> **Description of the task**
Work through the listing below and give again exactly the lines from the one with "The image shows" to the one with "Italic: yes, the", both ends included. All other lines and all pictures stay out.

> **Records provided**

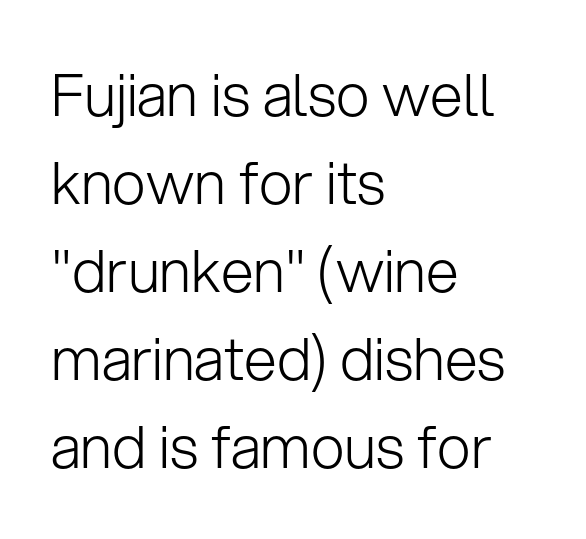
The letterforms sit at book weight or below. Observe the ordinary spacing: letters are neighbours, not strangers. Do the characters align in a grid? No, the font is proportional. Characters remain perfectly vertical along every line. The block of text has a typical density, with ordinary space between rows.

---

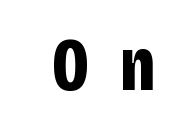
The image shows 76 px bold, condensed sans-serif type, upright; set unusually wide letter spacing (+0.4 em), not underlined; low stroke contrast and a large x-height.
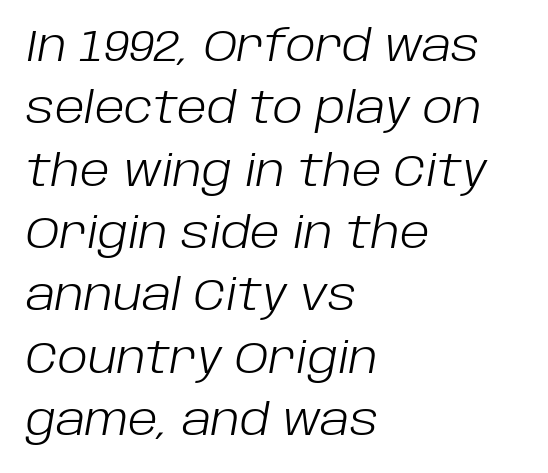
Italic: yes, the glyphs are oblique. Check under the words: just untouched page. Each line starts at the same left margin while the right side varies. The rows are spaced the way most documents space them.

--

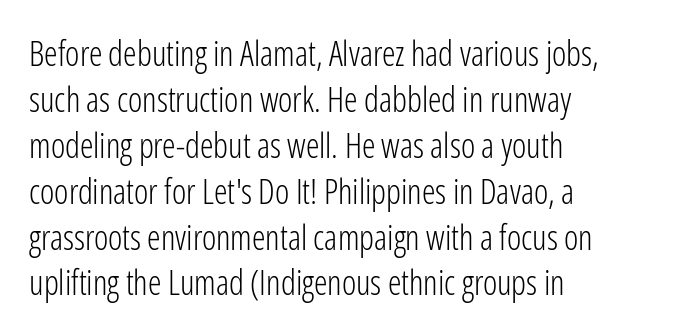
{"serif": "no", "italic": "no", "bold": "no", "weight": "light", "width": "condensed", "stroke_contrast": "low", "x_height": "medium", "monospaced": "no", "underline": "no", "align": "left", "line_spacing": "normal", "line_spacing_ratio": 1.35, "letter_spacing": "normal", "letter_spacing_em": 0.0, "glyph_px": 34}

> **Answer for this exercise**
The image shows 76 px bold, condensed sans-serif type, upright; set unusually wide letter spacing (+0.4 em), not underlined; low stroke contrast and a large x-height.
Italic: yes, the glyphs are oblique. Check under the words: just untouched page. Each line starts at the same left margin while the right side varies. The rows are spaced the way most documents space them.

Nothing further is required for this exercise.